* **TASK**:
What needs transcribing is the line with "Season: NotSpecified" and every line after it to the end of the records, exactly and alone, with no pictures.

** Opening WORKING DATA block **

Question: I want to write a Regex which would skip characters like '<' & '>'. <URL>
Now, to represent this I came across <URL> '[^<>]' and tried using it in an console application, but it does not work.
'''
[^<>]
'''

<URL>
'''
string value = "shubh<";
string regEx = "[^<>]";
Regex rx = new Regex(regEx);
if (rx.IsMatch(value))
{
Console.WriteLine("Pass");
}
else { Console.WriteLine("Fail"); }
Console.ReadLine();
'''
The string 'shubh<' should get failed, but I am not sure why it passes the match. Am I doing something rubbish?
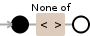
Answer: From <URL>:
> Indicates whether the regular expression specified in the Regex constructor finds a match in a specified input string.
'[^<>]' is found in 'shubh<' (the 's', the 'h', etc.).
You need to use the '^' and '$' anchors:
'''
Regex rx = new Regex("^[^<>]*$");
if (rx.IsMatch(value)) {
Console.WriteLine("Pass");
} else {
Console.WriteLine("Fail");
}
'''
---
Another solution is to check if '<' or '>' is contained:
'''
Regex rx = new Regex("[<>]");
if (rx.IsMatch(value)) {
Console.WriteLine("Fail");
} else {
Console.WriteLine("Pass");
}
'''
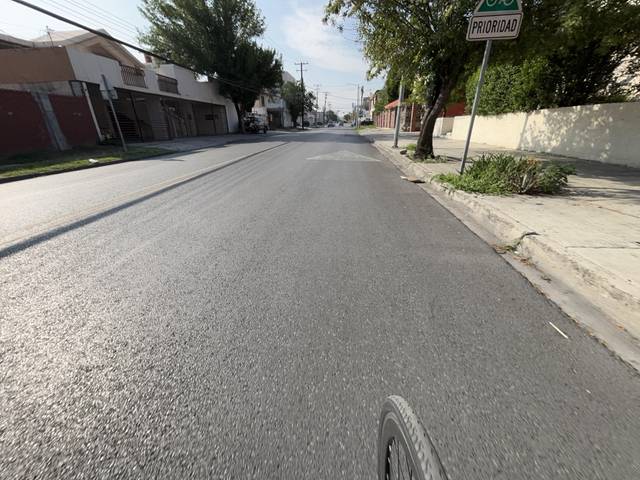
Region: Mexico
Coordinates: 25.651, -100.298
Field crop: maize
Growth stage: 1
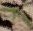
Species: atriplex
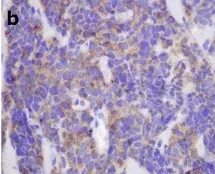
B; Synaptophysin tumor stain.
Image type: pathology (immunostaining)
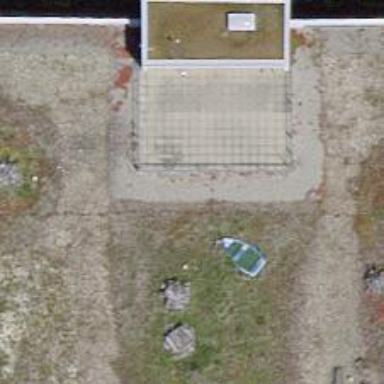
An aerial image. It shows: Charging station.
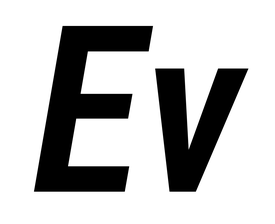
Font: Roboto-Italic_Condensed_SemiBold_Italic
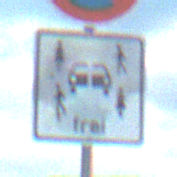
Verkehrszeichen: CarsharingfahrzeugeFrei
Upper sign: EingeschraenktesHalteverbot
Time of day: SunriseSunset
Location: Outdoor (Beach)
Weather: PartlyCloudy
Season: NotSpecified
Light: Natural
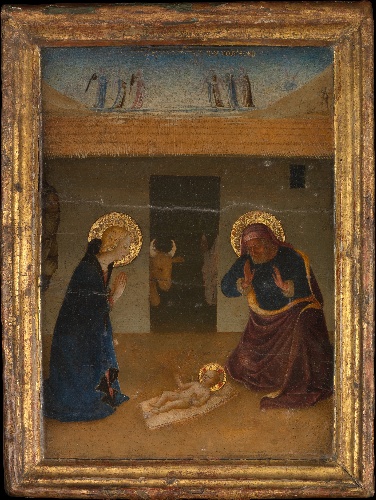
Title: The Nativity
Artist: Zanobi Strozzi
Artist bio: Italian, Florence 1412–1468 Florence
Object type: Painting
Classification: Paintings
Medium: Tempera and gold on wood
Dimensions: Overall, with engaged frame, 15 1/4 x 11 1/2 in. (38.7 x 29.2 cm); painted surface 13 x 9 1/8 in. (33 x 23.2 cm)
Department: European Paintings
Credit line: Rogers Fund, 1924
Accession year: 1924
Repository: Metropolitan Museum of Art, New York, NY
Tags: Jesus|Nativity|Cows|Donkeys|Angels|Joseph|Virgin Mary

** Closing WORKING DATA block **

* **RESULT FOR THIS EXERCISE**:
Season: NotSpecified
Light: Natural
Title: The Nativity
Artist: Zanobi Strozzi
Artist bio: Italian, Florence 1412–1468 Florence
Object type: Painting
Classification: Paintings
Medium: Tempera and gold on wood
Dimensions: Overall, with engaged frame, 15 1/4 x 11 1/2 in. (38.7 x 29.2 cm); painted surface 13 x 9 1/8 in. (33 x 23.2 cm)
Department: European Paintings
Credit line: Rogers Fund, 1924
Accession year: 1924
Repository: Metropolitan Museum of Art, New York, NY
Tags: Jesus|Nativity|Cows|Donkeys|Angels|Joseph|Virgin Mary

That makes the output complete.